I Want to Be An Artist

Claudine Ascher Art > Blogue > I Want to Be An Artist
Empty Promises
photo collage c.ascher

How many parents have reacted with restrained horror upon hearing their child announce “I want to be an artist”? You, reader, might well be one of them. Perhaps you stood there, or maybe you will soon stand there, momentarily regretting having asked your son or daughter, “What do you want to  be when you grow up?”
How many children who answered “I want to be an artist,” when asked, “What do you want to be when you grow up?” had their self-determination crushed by parents (or teachers) who re-directed them into other lives? Maybe you were one of these children. How did your parents react?
Here are typical, self-identity destroying reactions to children’s announcements that they “want to be an artist”:
1) No worries, you’ll grow out of it.
2) You’ll starve! You need a real profession.

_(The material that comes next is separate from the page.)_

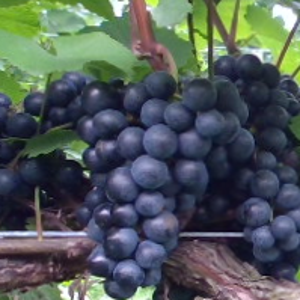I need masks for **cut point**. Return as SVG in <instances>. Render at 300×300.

3) Absolutely not. You must follow in MY footsteps!
4) Don’t be silly. You’ll need to be supporting us in our old age.
5) You are going to be a … (fill in the profession) and I will have no argument!
6) And become a selfish, arrogant human being?
7) And maybe become a gay or lesbian homeless drug addict? Is that what you want?
8) No child of mine will be a sissy! Hockey, now that’s a real profession!
9) What will the family and friends think?
10) Well dear, talent is something you’re born with.
11) You have to be rich to make it as an artist.
12) Not until you bring up your marks in all your other school subjects!
13) Only if you become an industrial designer or maybe a graphic artist. How about a game designer? An engineer! An architect! That pays well!
14) Happiness and fulfillment don’t put a roof over your head. Believe me, I know!
15) This life was good enough for me, it will be good enough for you!
16) Your teachers haven’t noted a special talent. Aptitude tests point you to … (fill in an employable job)
17) Oh dear. That doesn’t LOOK like a … (whatever the viewer thinks the artwork should portray)
18) Well then I won’t pay for your education.
What were you told? How did it affect you? Did you become an artist anyway? Do you regret following or not following your own ambition?
Don’t tell me, As an artist, an art teacher and a gallery curator, I hear the longing, the regret, the self-doubt every time I meet someone who believed, accepted or lived by any one of these or similar assertions.
And the worst of it?  These parents (teachers) convince themselves they’re acting in the children’s best interest!